# Algorithms implemented¶

Most methods aim to learn a common representation space for source and target domain, splitting the classical end-to-end deep neural network into a feature extractor with parameters \(\Phi\) and a task classifier with parameters \(\theta_y\). Alignment between source and target feature distributions is obtained by adding an alignment term \(L_d\) to the usual task loss \(L_c\):

\(L = L_c + \lambda \cdot L_d\)

This alignment term is controlled by a parameter \(\lambda\) which grows from 0 to 1 during learning. Some algorithms use a third network with parameters \(\theta_d\) to parameterize the aligment term \(L_d\).

A typical algorithm may thus be represented with 2 or 3 blocks as in the figure below:

Three types of alignment terms are implemented in ADA, leading to 3 families of methods:

- Adversarial methods, similar to DANN, use a so-called domain classifier with parameters θd as an adversary to align the features,
- Optimal-transport based methods, in which the domain classifier, called a critic, is trained to minimize the divergence between the source and target feature distributions,
- Kernel-based methods, which minimize the maximum mean discrepancy in the kernel space to align features.

## DANN-like methods¶

The common part of these methods is that they all use a gradient-reversal layer as described in the DANN paper.

- DANN architecture from Ganin, Yaroslav, et al. “Domain-adversarial training of neural networks.” The Journal of Machine Learning Research (2016) https://arxiv.org/abs/1505.07818
- CDAN: Long, Mingsheng, et al. “Conditional adversarial domain adaptation.” Advances in Neural Information Processing Systems. 2018. https://papers.nips.cc/paper/7436-conditional-adversarial-domain-adaptation.pdf
- and its variant CDAN-E (with entropy weighting).

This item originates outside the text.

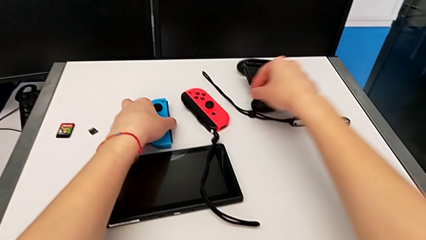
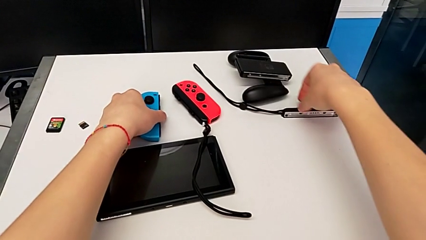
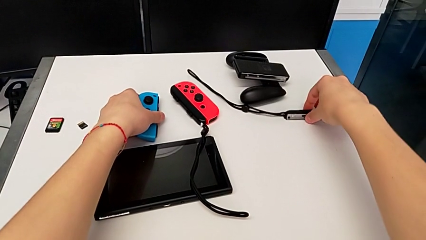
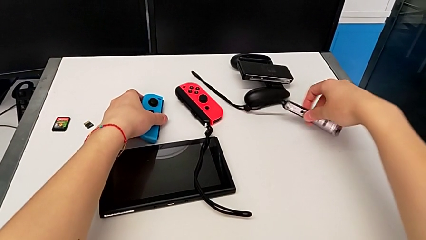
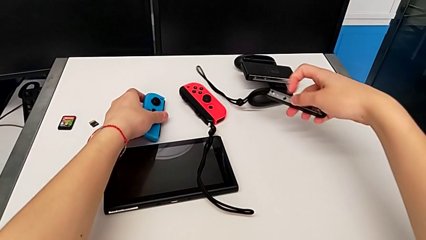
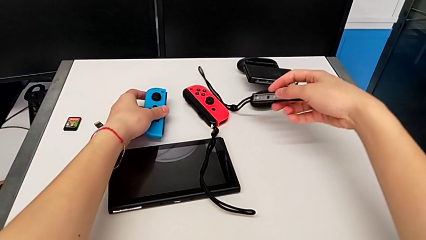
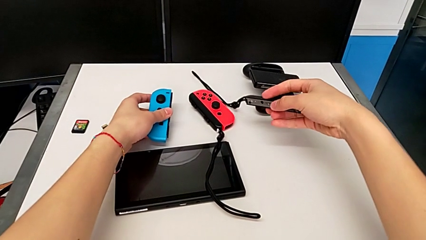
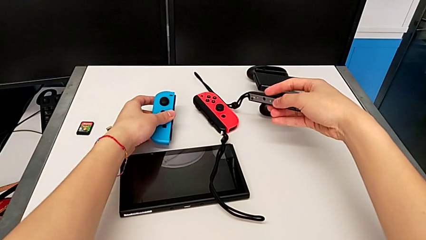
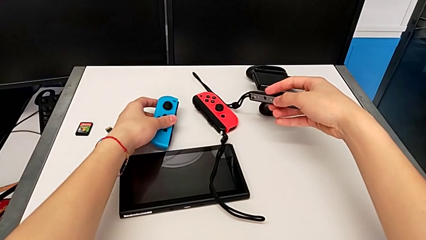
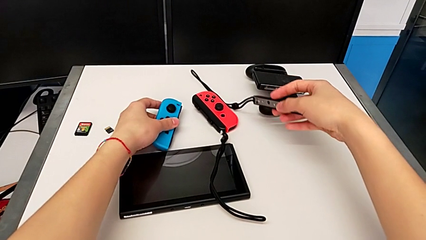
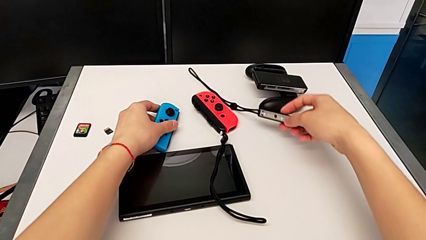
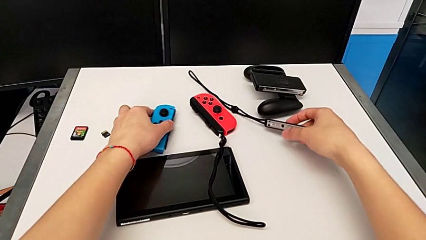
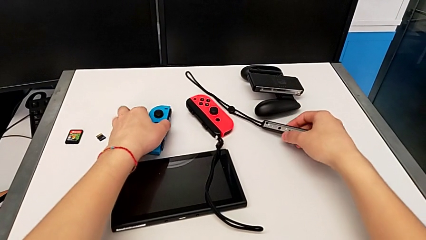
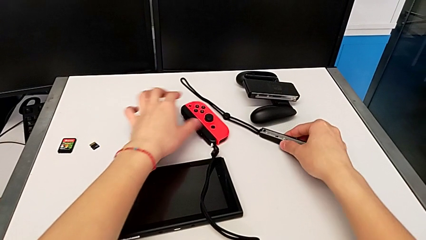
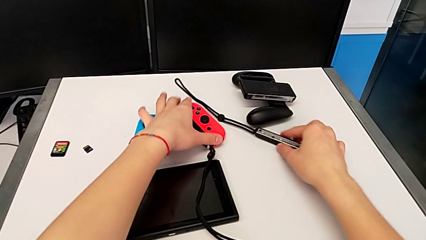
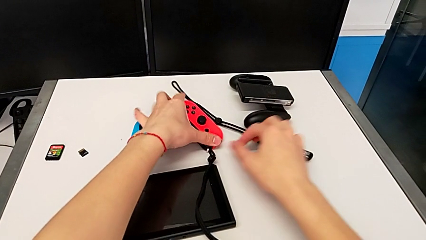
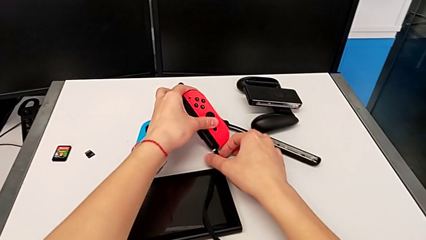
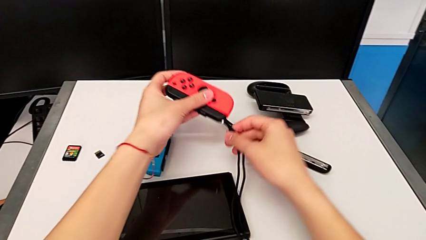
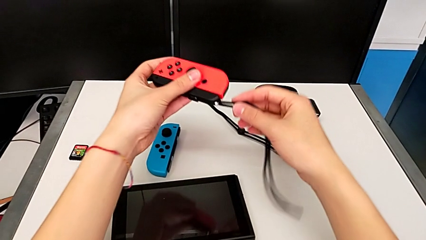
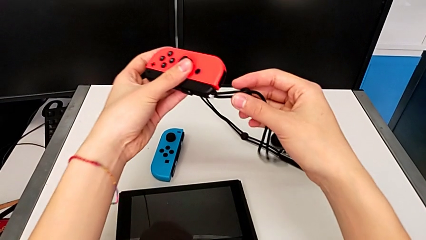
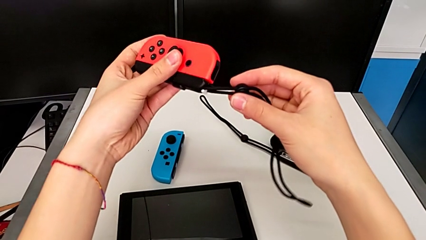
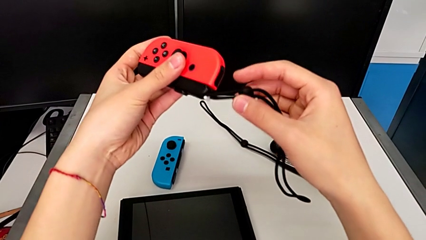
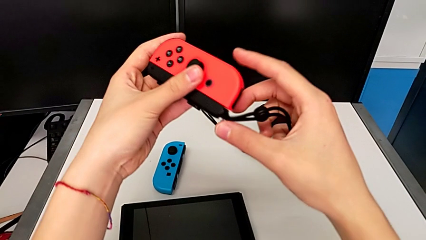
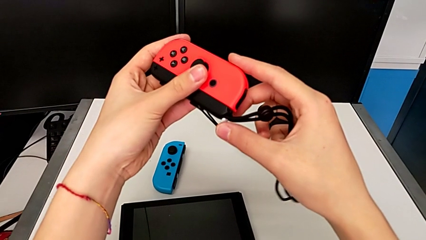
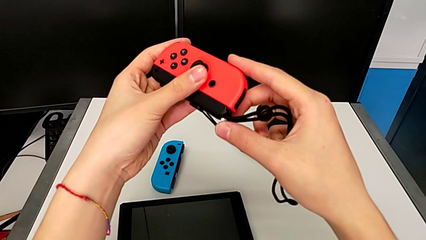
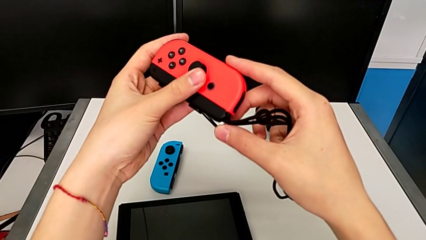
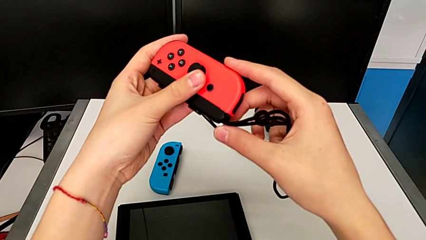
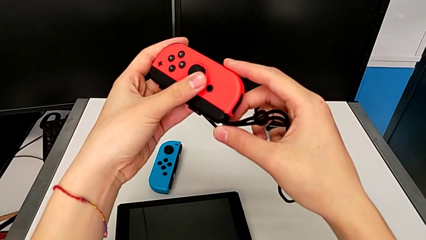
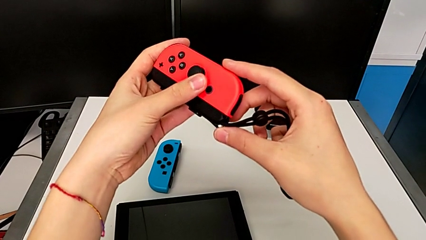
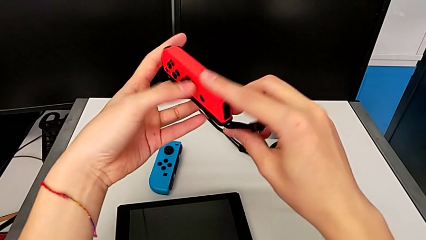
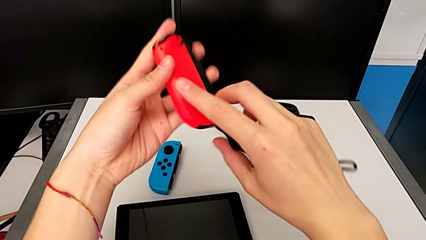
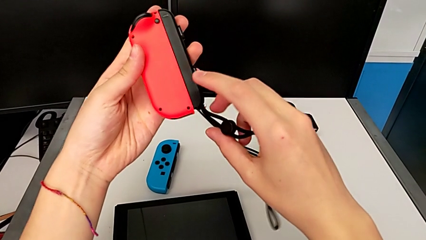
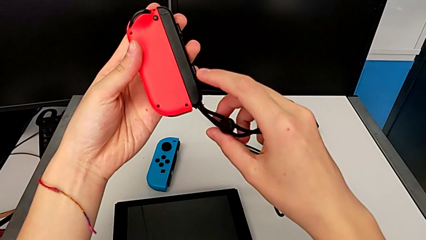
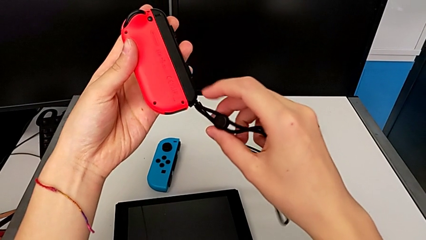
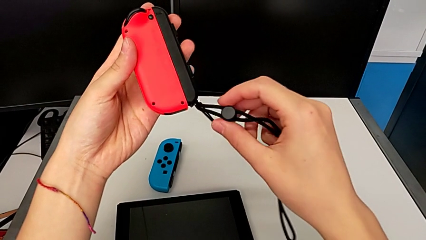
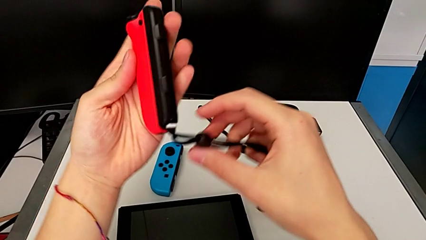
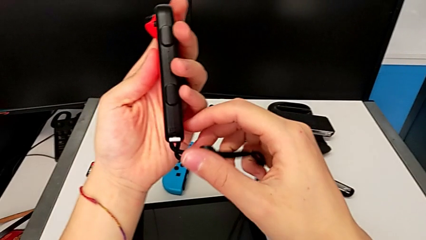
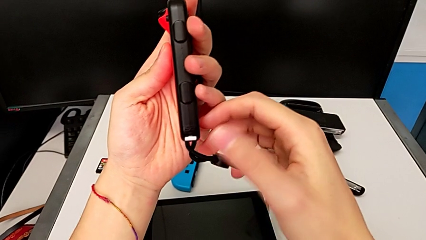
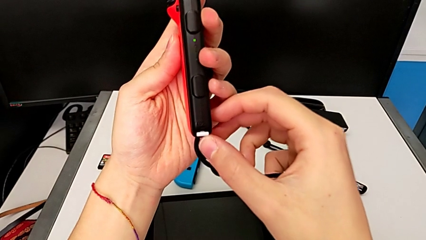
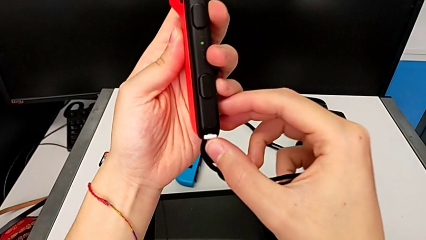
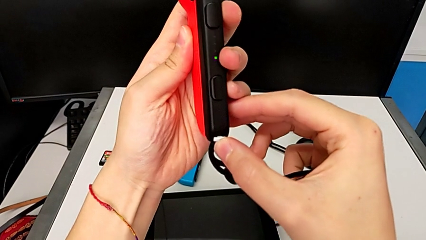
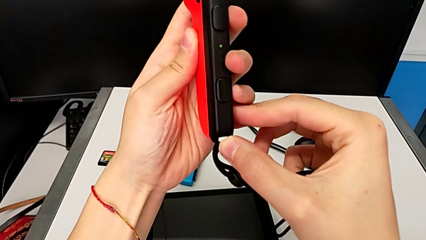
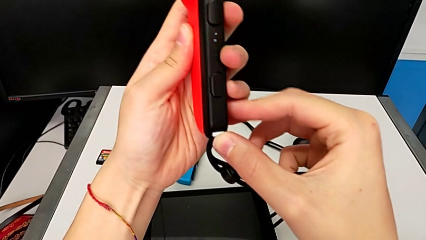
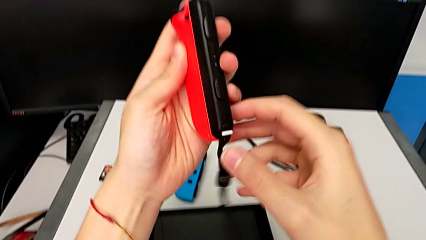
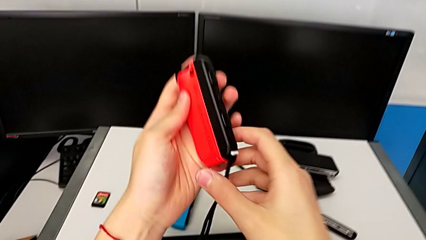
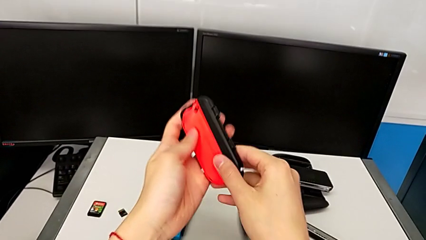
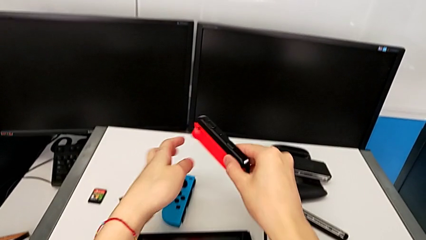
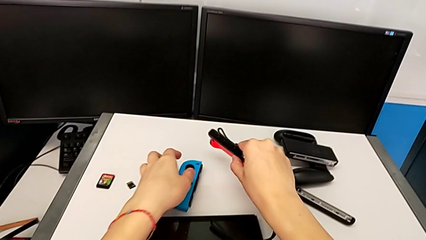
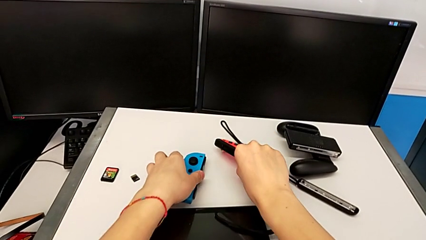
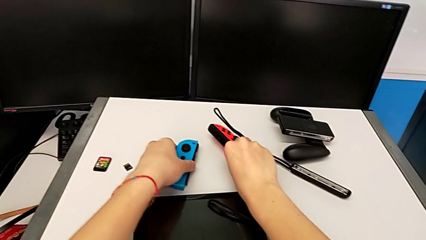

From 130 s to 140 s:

- FSDANN: a naive adaptation of DANN to the fewshot setting (using known target labels in the task loss)
- MME: Saito, Kuniaki, et al. “Semi-supervised domain adaptation via minimax entropy.” Proceedings of the IEEE International Conference on Computer Vision. 2019 https://arxiv.org/pdf/1904.06487.pdf
- this method uses the GRL layer on the entropy of the task classifier output for target samples.

## Optimal transport methods¶

Currently WDGRL is implemented, as described in Shen, Jian, et al. “Wasserstein distance guided representation learning for domain adaptation.” Thirty-Second AAAI Conference on Artificial Intelligence. 2018. https://arxiv.org/pdf/1707.01217.pdf

Its variant WDGRLMod better fits the pytorch-lightning patterns. The difference is that the critic is optimized on k_critic different batches instead of k_critic times on the same batch.

- When the beta_ratio parameter is not zero, both these method also implement their asymmetric ($beta$) variant described in:
- Wu, Yifan, et al. “Domain adaptation with asymmetrically-relaxed distribution alignment.” ICML (2019) https://arxiv.org/pdf/1903.01689.pdf

## MMD-based methods¶

- DAN
- Long, Mingsheng, et al. “Learning Transferable Features with Deep Adaptation Networks.” International Conference on Machine Learning. 2015. http://proceedings.mlr.press/v37/long15.pdf

- JAN
- Long, Mingsheng, et al. “Deep transfer learning with joint adaptation networks.” International Conference on Machine Learning, 2017. https://arxiv.org/pdf/1605.06636.pdf

Both these methods have been implemented based on the authors code at https://github.com/thuml/Xlearn.

## Implementation¶

The classes for the unsupervised domain architectures are organised like this, where each arrow denotes inheritance:

Most methods may be implemented by just writing the forward pass and the `compute_loss`

method, which should return the
two components \(L_c\) and \(L_d\), as well as the metrics to use for logging and evaluation.